To defuse an escalating crisis, British Prime Minister Tony Blair and others have called for a "robust" force much larger than the 2,000-strong UN observer mission already in Lebanon. Whatever force takes shape, Washington made clear that US troops will not be on the ground. "We are looking at what kind of international assistance force makes sense, but I do not think that it is anticipated that US ground forces are expected for that force," US Secretary of State Condoleezza Rice told reporters yesterday.

Rice said she had spoken with UN Secretary-General Kofi Annan about a possible multinational force and discussions were underway with US allies to resolve key issues. "The questions about what kind of force it is, what its command structure is, is it a UN force, is it an international assistance force, those are the discussions that are going on and I think are going to go on over the next few days," Rice said.

Any UN or international force would have to be strong enough to prevent the Shi'ite Hizbollah militia from operating out of southern Lebanon, she said. "That's going to take a robust force."

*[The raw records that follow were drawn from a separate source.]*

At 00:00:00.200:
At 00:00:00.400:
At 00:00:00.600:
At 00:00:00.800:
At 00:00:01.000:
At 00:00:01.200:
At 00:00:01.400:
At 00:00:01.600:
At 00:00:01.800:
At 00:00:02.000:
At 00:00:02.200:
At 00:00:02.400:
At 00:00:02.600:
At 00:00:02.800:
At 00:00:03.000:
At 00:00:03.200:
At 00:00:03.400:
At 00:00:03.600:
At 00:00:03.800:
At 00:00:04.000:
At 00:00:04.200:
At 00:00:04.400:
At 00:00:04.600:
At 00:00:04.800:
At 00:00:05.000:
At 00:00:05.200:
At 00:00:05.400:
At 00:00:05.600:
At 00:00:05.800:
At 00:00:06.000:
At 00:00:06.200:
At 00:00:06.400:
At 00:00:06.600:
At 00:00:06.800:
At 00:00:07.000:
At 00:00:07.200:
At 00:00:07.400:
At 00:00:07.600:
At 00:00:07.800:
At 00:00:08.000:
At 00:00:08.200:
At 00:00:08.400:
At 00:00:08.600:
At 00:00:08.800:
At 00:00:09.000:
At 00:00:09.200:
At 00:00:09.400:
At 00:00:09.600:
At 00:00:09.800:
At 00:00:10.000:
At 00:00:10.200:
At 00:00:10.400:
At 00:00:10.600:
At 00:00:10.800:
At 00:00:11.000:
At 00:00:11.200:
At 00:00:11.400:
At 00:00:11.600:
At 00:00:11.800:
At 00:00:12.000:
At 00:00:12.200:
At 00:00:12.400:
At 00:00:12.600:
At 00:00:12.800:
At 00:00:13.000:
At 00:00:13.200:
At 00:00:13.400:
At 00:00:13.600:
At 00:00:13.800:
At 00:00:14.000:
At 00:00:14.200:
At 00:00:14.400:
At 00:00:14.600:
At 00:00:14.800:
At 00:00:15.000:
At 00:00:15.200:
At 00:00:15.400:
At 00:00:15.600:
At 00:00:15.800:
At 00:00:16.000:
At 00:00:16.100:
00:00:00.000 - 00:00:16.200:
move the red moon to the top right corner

An Israeli offensive against the militant Shi'ite group Hizbollah, launched in response to the kidnapping of two Israeli soldiers, has left more than 352 people dead in 11 days.

Former German foreign minister Joschka Fischer has said it would make "little sense" to deploy a bigger UN force in Lebanon to stabilise the country. "Another blue-helmet mandate will make little sense. Only a robust force with a robust mandate could perhaps achieve something positive. But the risks are enormous," Fischer recently told Die Zeit newspaper.

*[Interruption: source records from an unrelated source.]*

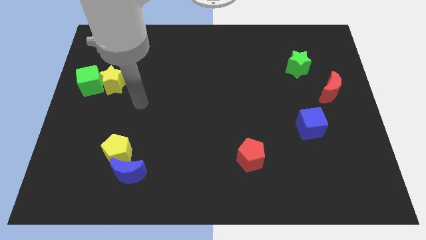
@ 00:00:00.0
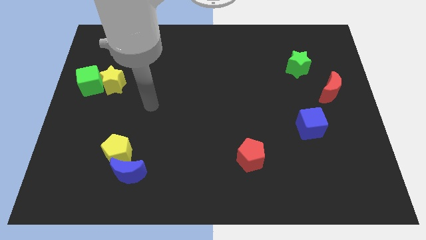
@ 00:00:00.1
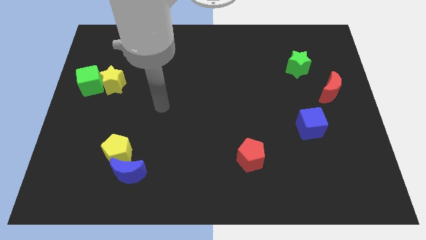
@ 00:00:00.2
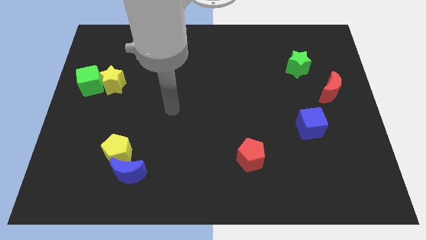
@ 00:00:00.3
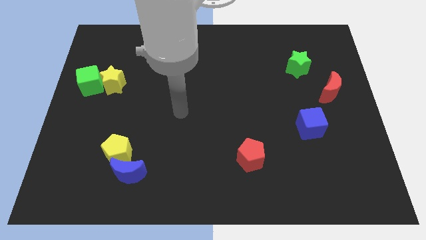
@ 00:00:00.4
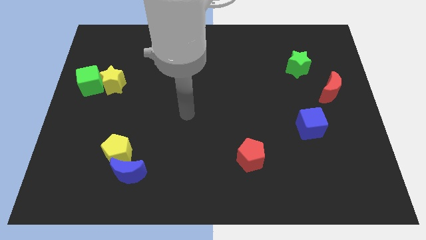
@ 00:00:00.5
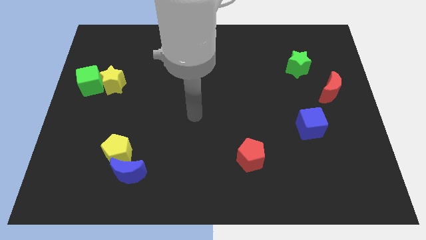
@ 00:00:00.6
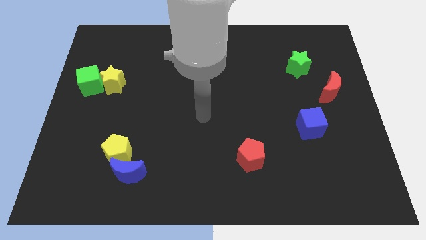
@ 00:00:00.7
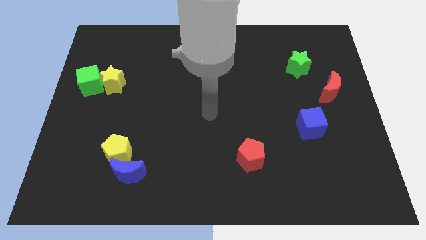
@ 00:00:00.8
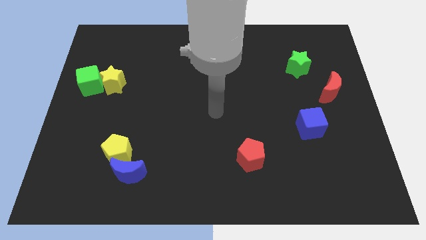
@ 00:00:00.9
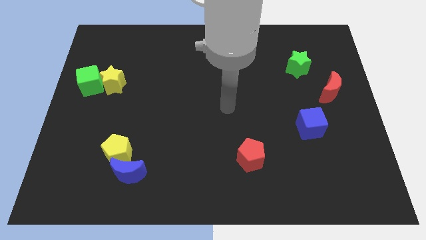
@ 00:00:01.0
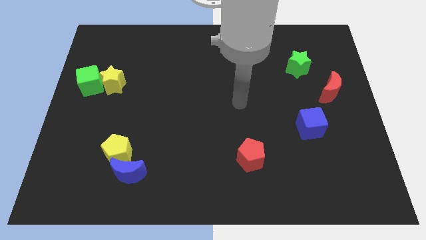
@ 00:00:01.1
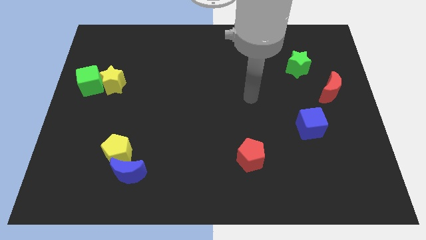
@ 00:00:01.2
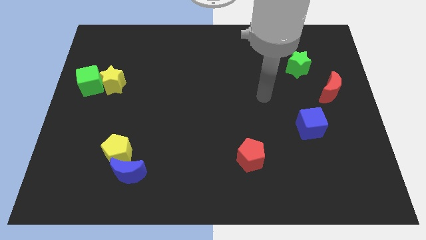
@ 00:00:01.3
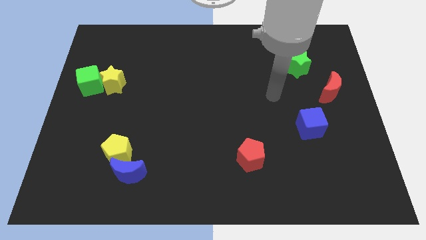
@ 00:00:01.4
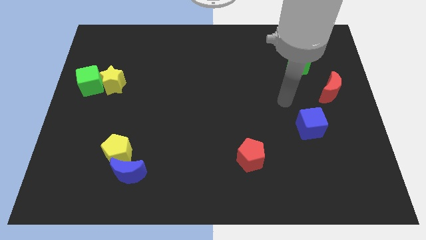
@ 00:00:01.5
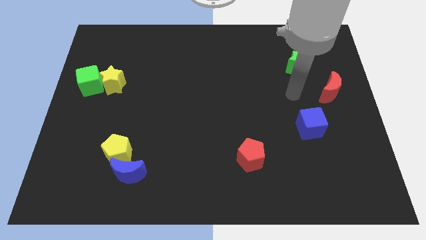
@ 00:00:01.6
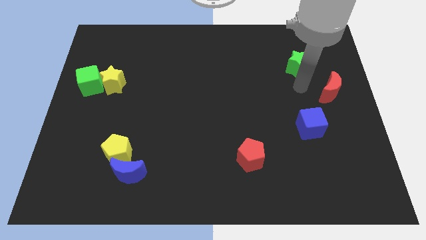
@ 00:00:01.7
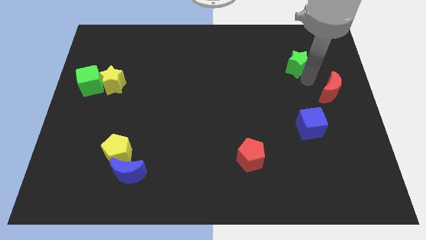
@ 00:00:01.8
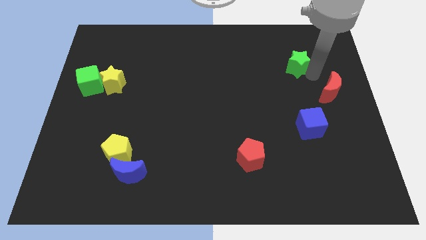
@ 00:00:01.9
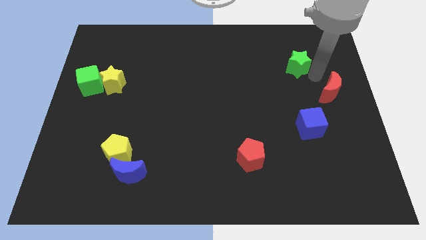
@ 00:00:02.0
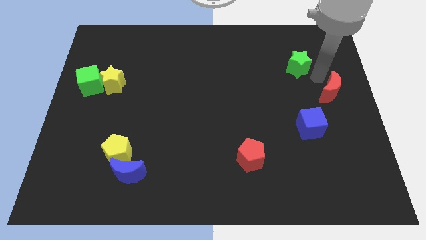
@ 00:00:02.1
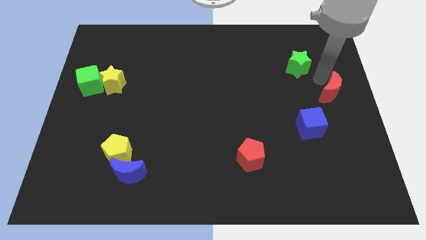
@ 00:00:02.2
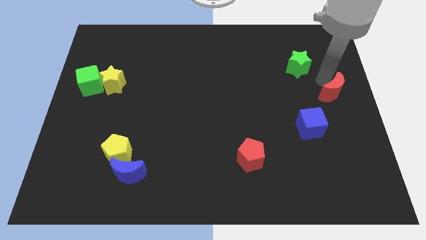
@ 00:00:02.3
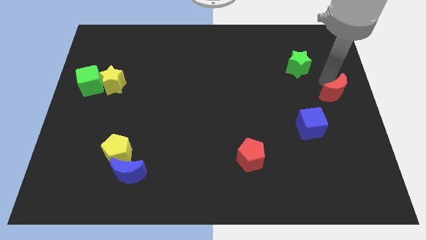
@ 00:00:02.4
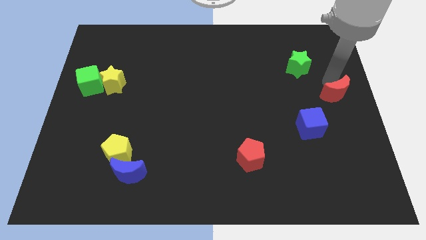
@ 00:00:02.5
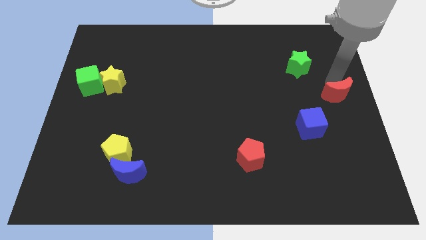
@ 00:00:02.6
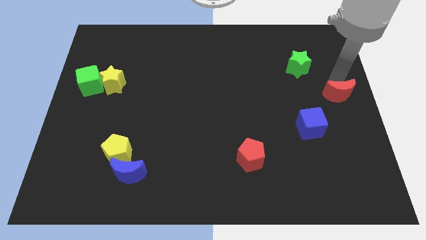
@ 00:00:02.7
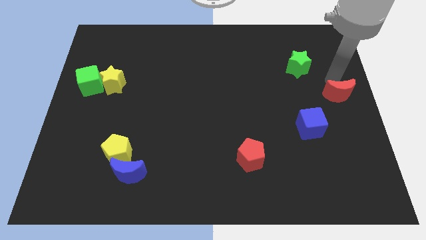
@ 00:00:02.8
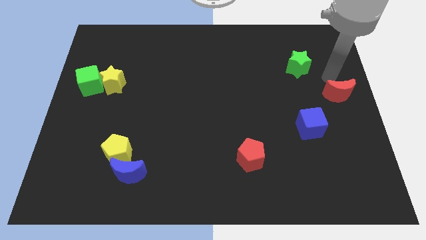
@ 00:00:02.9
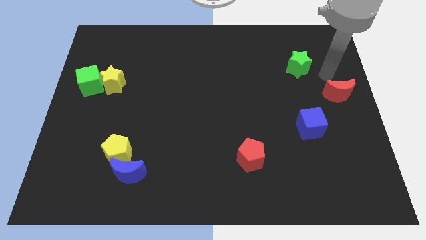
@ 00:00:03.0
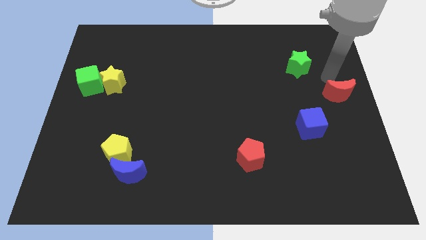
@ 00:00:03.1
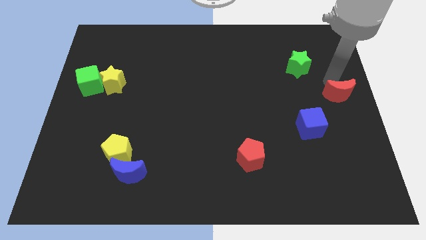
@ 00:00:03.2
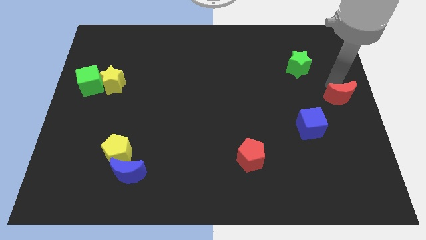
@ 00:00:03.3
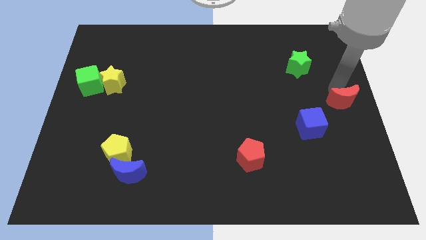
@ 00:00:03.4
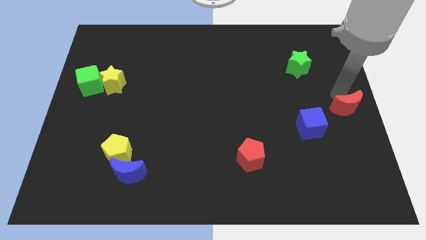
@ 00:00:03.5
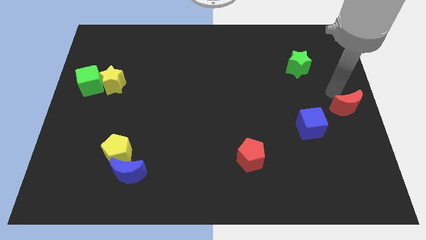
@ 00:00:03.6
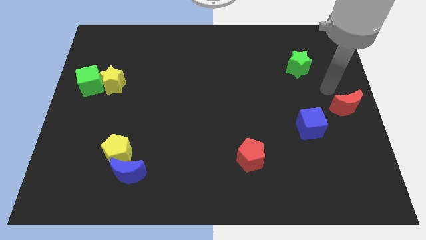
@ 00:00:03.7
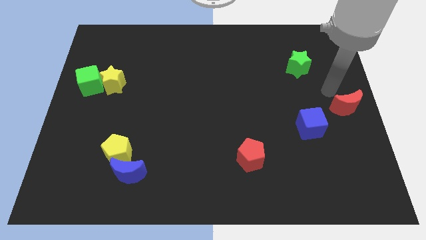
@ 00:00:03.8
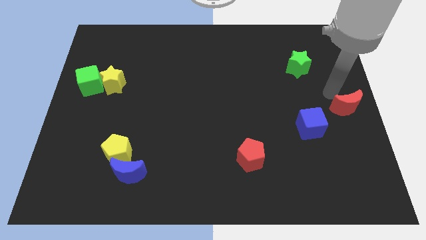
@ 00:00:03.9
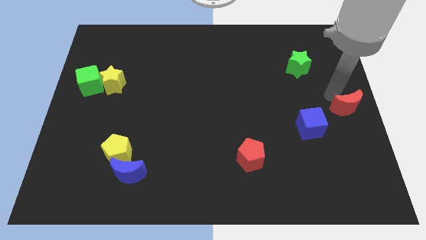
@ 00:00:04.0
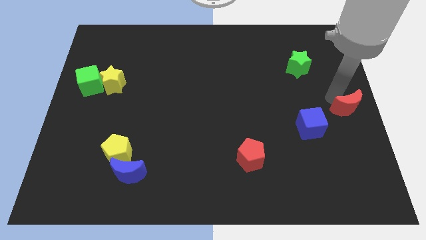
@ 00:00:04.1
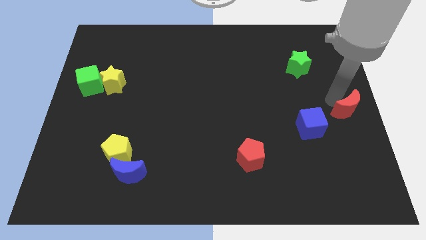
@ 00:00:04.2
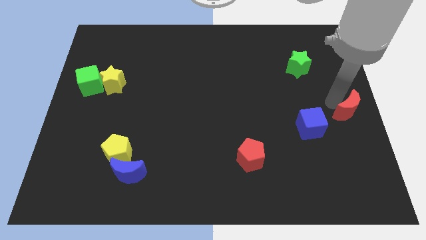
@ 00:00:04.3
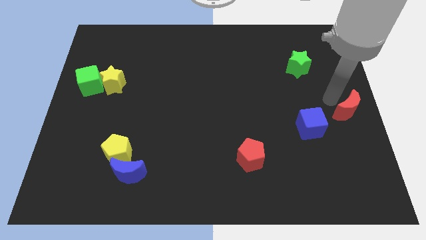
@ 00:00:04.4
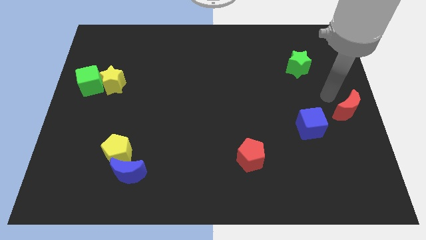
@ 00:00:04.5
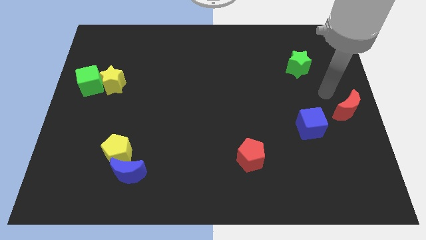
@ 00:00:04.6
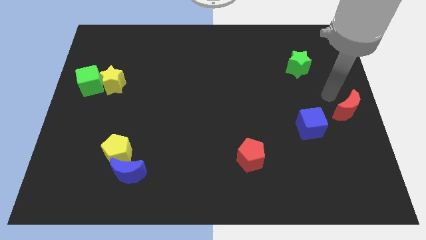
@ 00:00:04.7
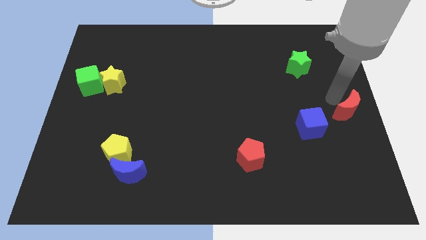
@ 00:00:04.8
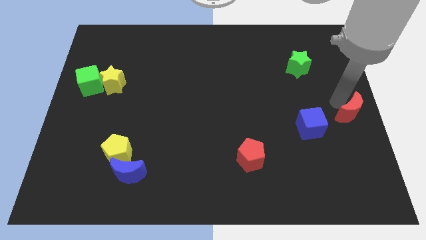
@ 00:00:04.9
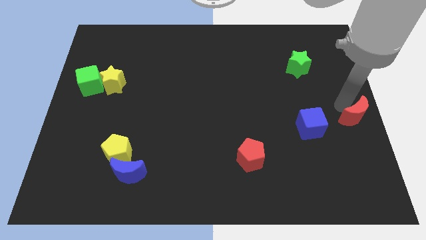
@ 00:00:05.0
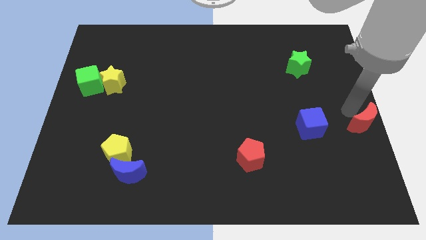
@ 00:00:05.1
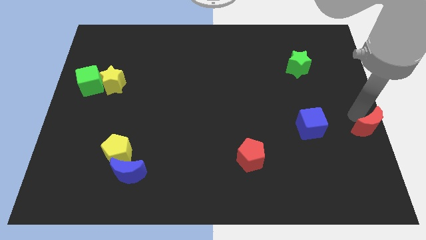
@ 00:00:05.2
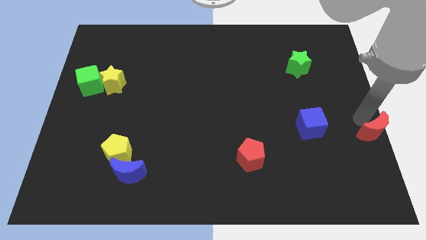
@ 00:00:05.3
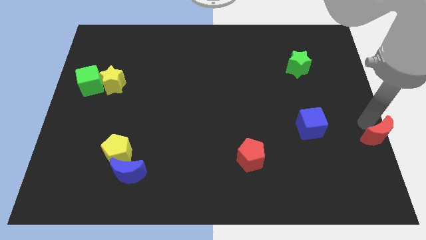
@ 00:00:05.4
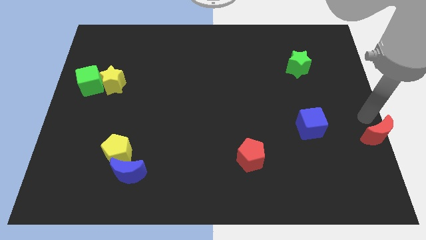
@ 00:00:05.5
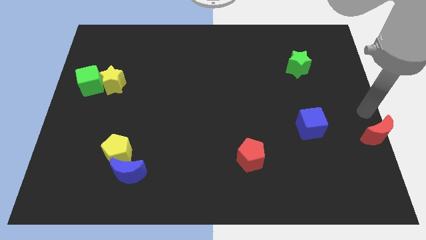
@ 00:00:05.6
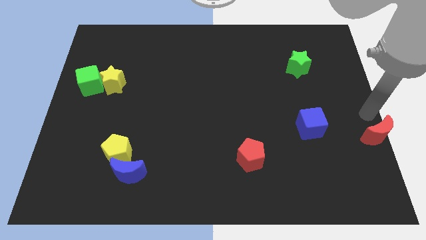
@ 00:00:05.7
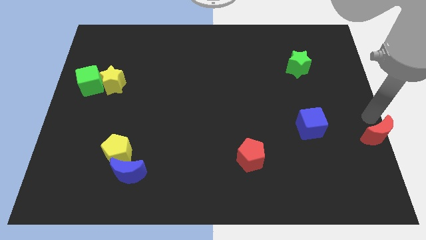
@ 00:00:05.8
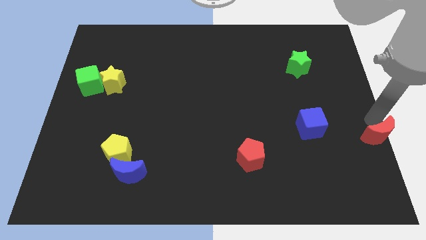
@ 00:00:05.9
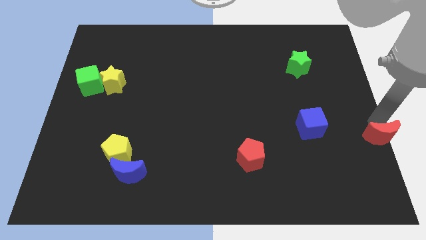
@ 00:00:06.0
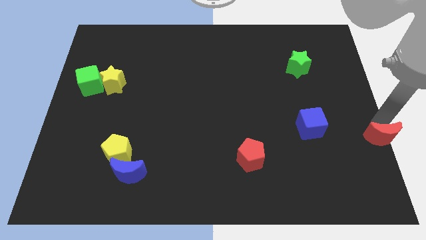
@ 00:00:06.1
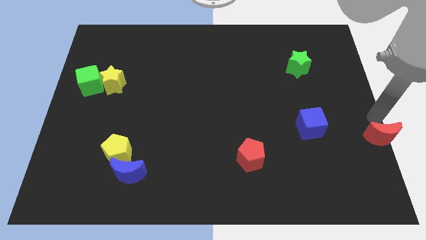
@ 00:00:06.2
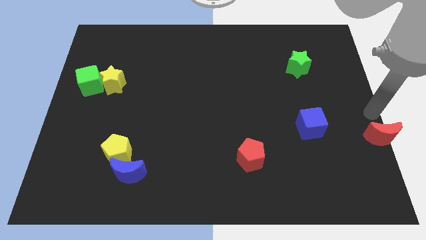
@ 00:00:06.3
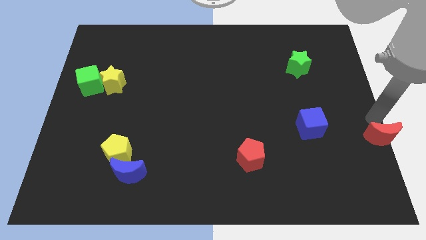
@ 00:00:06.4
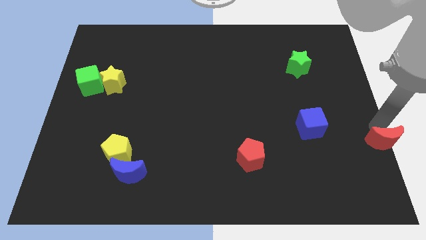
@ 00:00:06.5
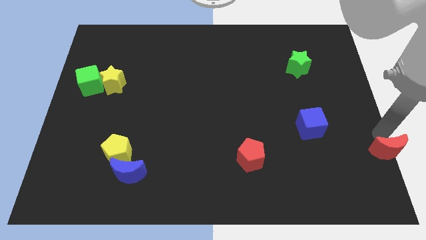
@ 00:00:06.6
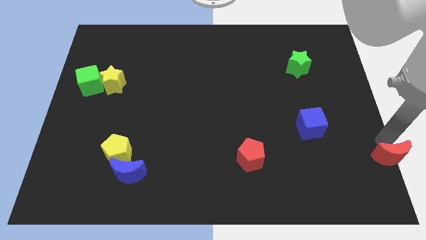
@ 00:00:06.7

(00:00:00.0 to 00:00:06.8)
slide the red moon to the bottom right

In New York, the US ambassador to the UN, John Bolton, said talks on a stabilisation force had to address "broad questions" about the contingent's authority to confront and disarm Hizbollah, as well as its relationship to the existing UN mission and the Lebanese government. Bolton warned against creating a new mission that would simply add a new layer of UN bureaucracy in the region. "And while hardly an interim force, it is reasonable and responsible to ask how a new force would differ from and be more effective than UNIFIL (the UN Interim Force in Lebanon)," Bolton said.